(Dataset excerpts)
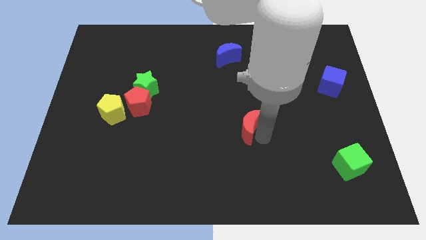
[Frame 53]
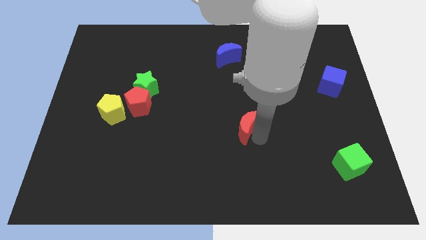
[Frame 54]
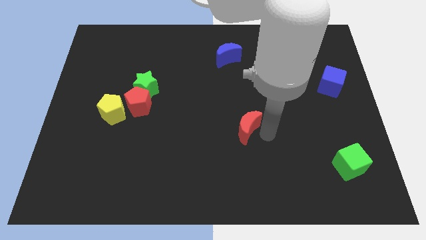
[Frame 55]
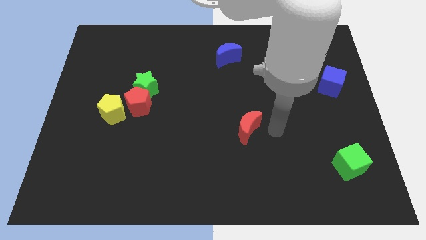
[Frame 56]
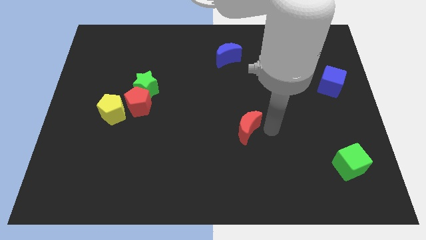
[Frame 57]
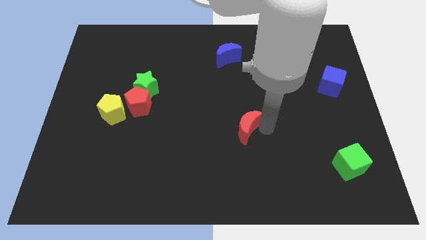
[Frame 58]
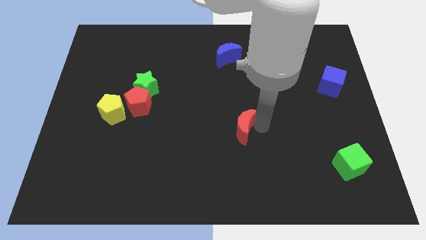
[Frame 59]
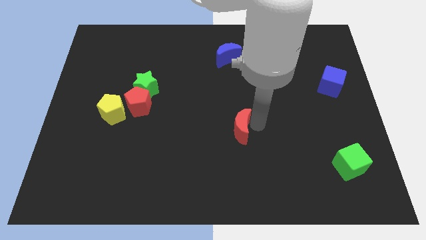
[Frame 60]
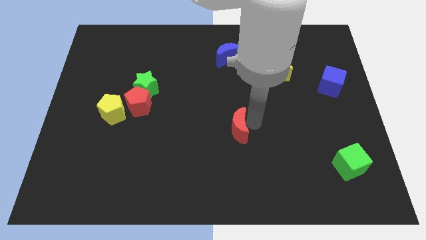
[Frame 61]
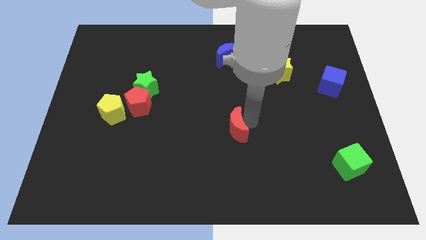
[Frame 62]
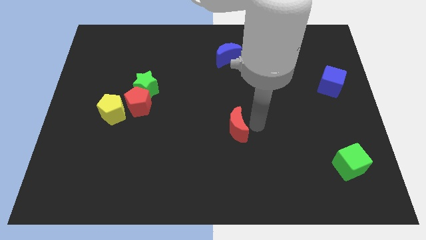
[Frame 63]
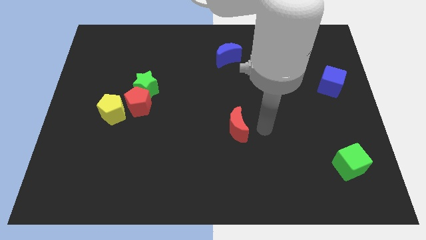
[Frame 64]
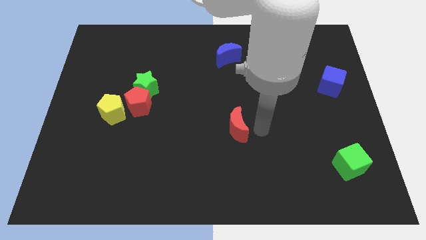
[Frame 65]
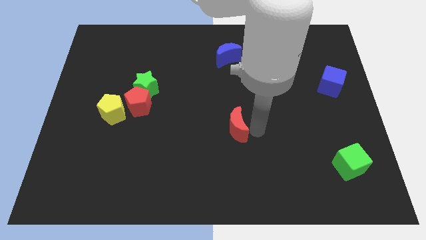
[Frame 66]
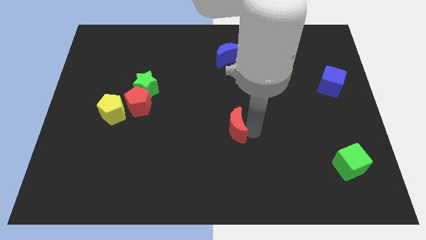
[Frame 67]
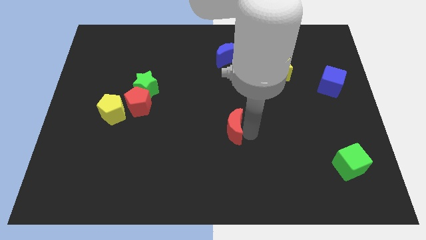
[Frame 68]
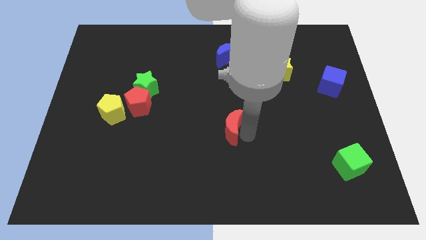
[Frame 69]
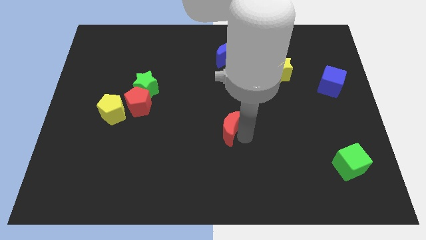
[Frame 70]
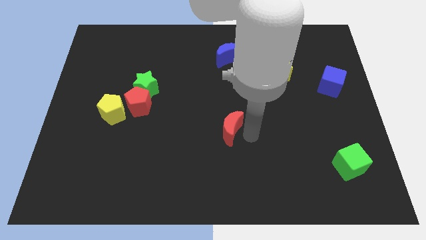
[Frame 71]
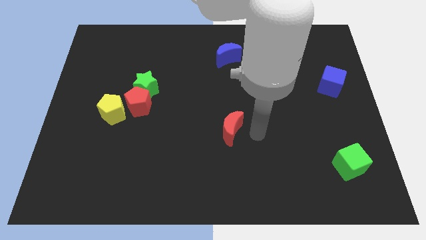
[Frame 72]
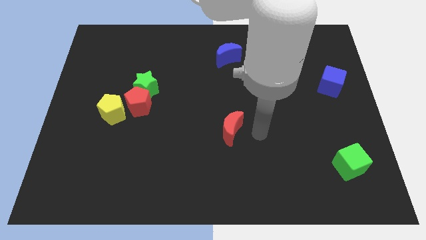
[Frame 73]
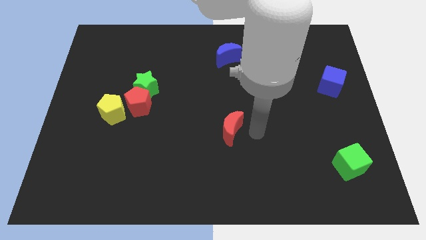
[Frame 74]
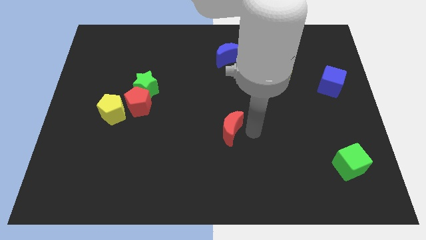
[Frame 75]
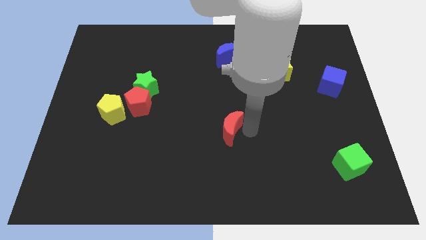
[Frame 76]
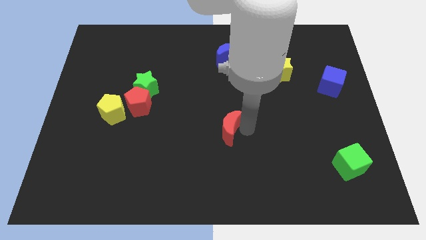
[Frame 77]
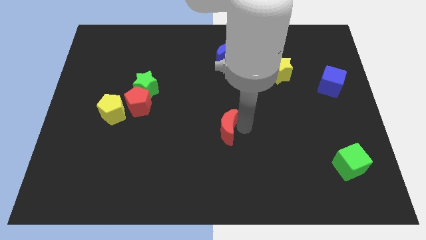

ACTIVITY: An exact copy of the entries, minus the pictures, is what to return.

REPLY:
[Frame 53]
[Frame 54]
[Frame 55]
[Frame 56]
[Frame 57]
[Frame 58]
[Frame 59]
[Frame 60]
[Frame 61]
[Frame 62]
[Frame 63]
[Frame 64]
[Frame 65]
[Frame 66]
[Frame 67]
[Frame 68]
[Frame 69]
[Frame 70]
[Frame 71]
[Frame 72]
[Frame 73]
[Frame 74]
[Frame 75]
[Frame 76]
[Frame 77]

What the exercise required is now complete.